Ask HN: Experience with pen names or aliases? - olliequeen

I've just been discharged from a government job, however my problem is within the terms of the contract I am not allowed to have any online presence using my real name for the next five years (I was working in digital intelligence, it's complicated).
So I am now online using a pen name of sorts and am looking to start my own company, my only issue is I don't want a split identity I don't want to have to be one person offline and one person online. I want to start the company now as I need to sustain an income.
Does anyone have any experience trading under a pen name, how do you introduce yourself etc and what do you do when it comes to invoicing etc.<p>I realise this is a bit of an odd question but you guys seem to be one of the more rational sources on the internet that could help me out with this predicament.
======
noahc
IANAL.

I think we'll actually see more and more pen names and aliases as people try
to brand themselves.

Basically, just pick a name and go with it. I have mrnoahc.com and noahc.net.
I want to brand my self as one of those two. I think mrnoahc is better,
because it's almost always available as compared to noahc.

Either way, buy the domain ending in .com that you want and you'll probably
end up towards the top of search results. It shouldn't be too hard to get the
top result for mrnoahc or technologysteve.com or something of that effect.

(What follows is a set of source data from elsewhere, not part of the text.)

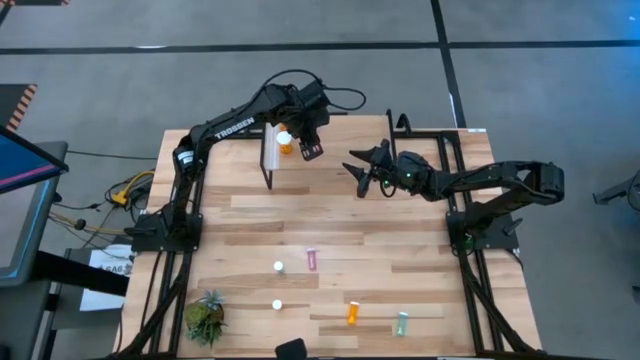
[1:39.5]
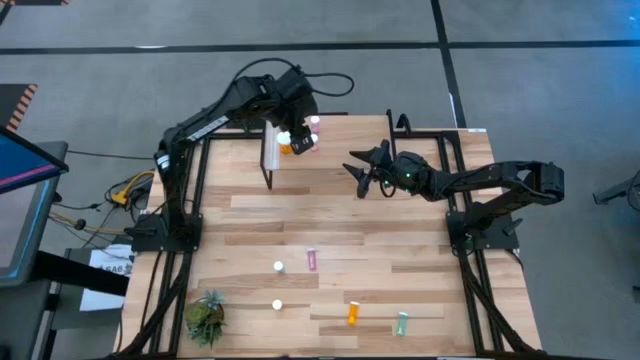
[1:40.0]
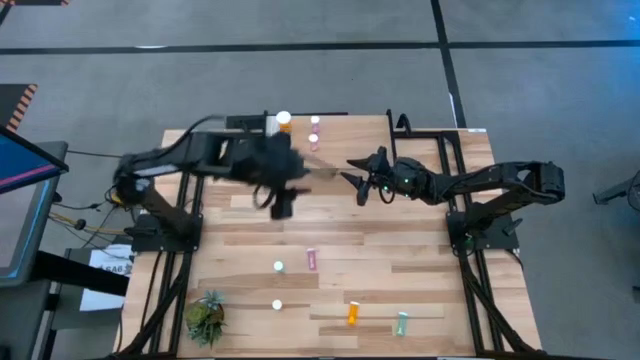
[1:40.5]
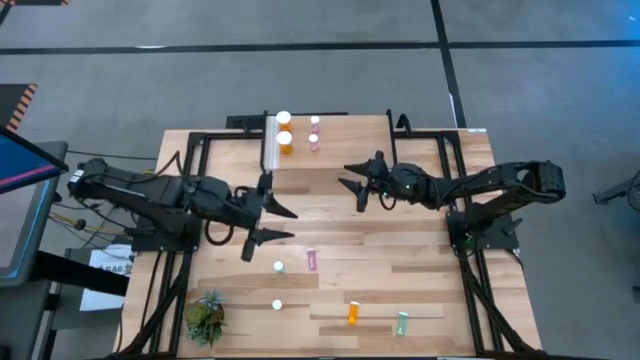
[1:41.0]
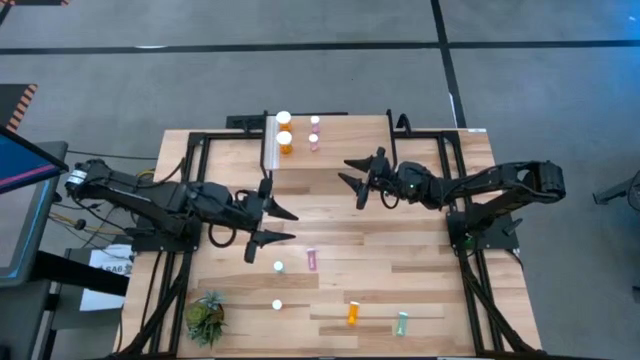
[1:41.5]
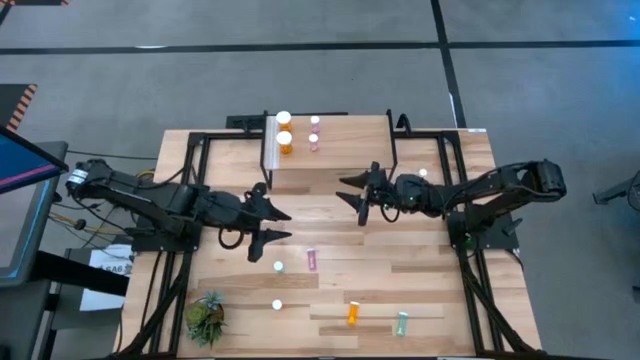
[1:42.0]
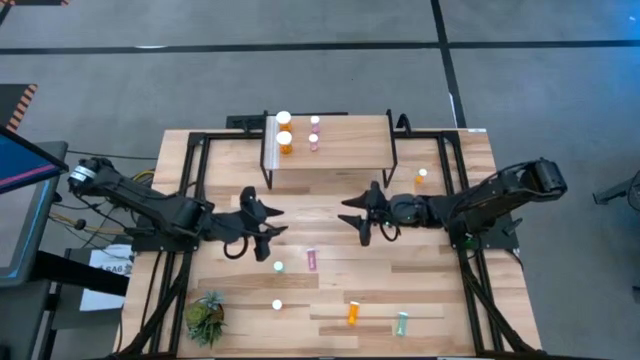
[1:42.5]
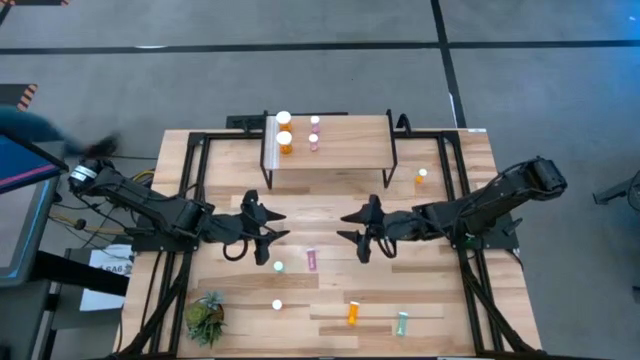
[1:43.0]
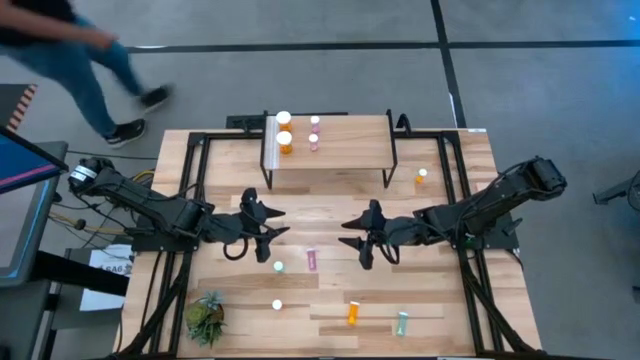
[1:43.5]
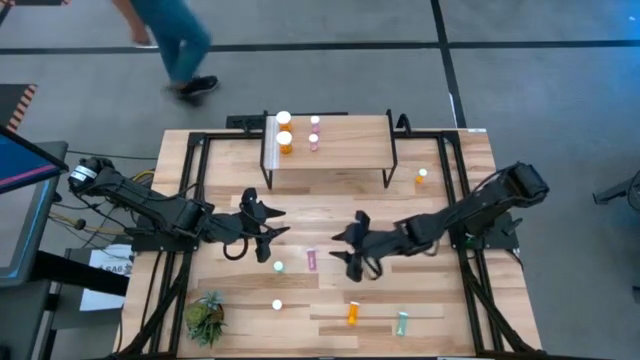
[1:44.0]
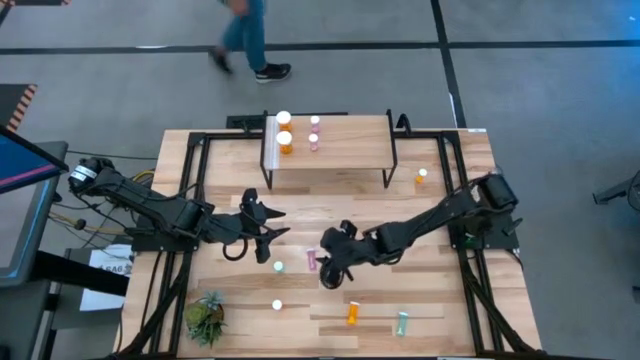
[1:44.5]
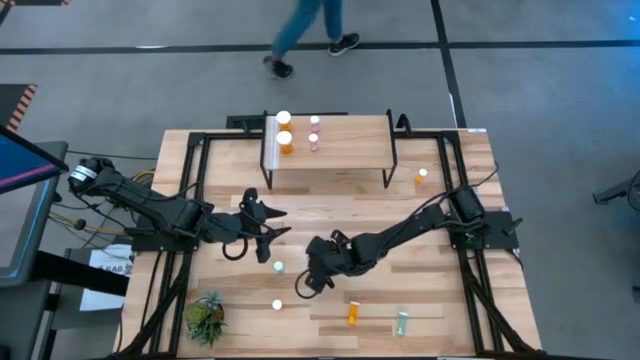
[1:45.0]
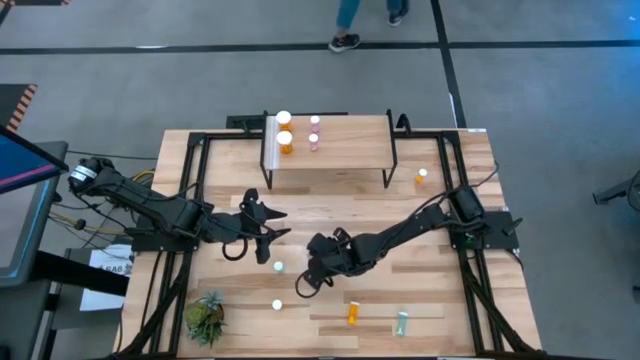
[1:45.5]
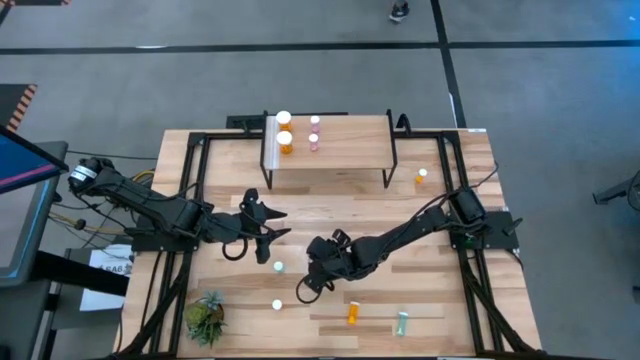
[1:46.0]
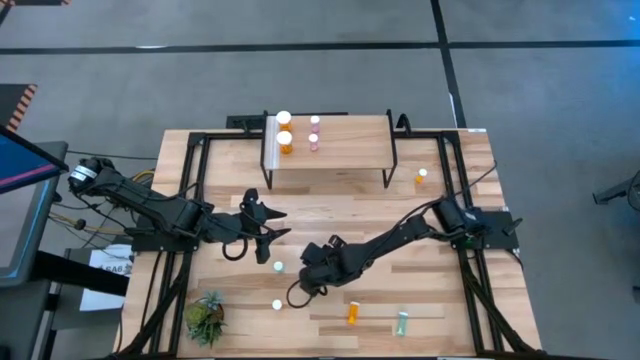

Not sure what 'online presence' means, but once you brand your self as
something just run with it and introduce your self as Noah of MrNoahC fame if
you want people to know your first name before a speech or something. I would
suggest staying away from names like floppyRabbitLover and HairyLemonBalls for
branding purposes, but depending on your purposes it might work.

------
TeHCrAzY
It's an aside, but I hope they were paying you a huge amount of money to
restrict your activities so severely, for such a long time.

------
AngryParsley
_I am not allowed to have any online presence using my real name for the next
five years (I was working in digital intelligence, it's complicated)._

This confuses and intrigues me. What does an "online presence" mean? Can you
have a personal website? A Facebook account? An e-mail address? Did you accept
these terms when you started or were you given the restriction when leaving?
Are the consequences of breaking the contract civil or criminal? If you
legally change your name, can you use that new name online before the 5 years
are up?

It doesn't make any sense. How do they expect to recruit talented people with
such a restriction? The mind boggles.

------
staunch
Ask a lawyer (if you haven't). Perhaps these restrictions aren't actually
binding/enforceable. Definitely worth double checking.

------
newyorker
I have a friend who had the same name as his boss, so he would have to use an
alias whenever he spoke with customers, so customers wouldn't get mixed up
with who they are talking to.

Its probably easier than you think to get used to an alias, but I don't know
how it would work in terms of the legal name to use on your corp. papers.

------
Semiapies
Would incorporating - or alternately getting a DBA - satisfy those terms?

<http://en.wikipedia.org/wiki/Doing_business_as>

------
pasbesoin
I've heard there are issues with regard to copyright (I seem to recall advice
to register a pen name with the U.S. Copyright Office,with respect to the more
traditional "ink on bound paper" environment), but I don't know the details.

Would any of our more legal minded folks have a comment on this?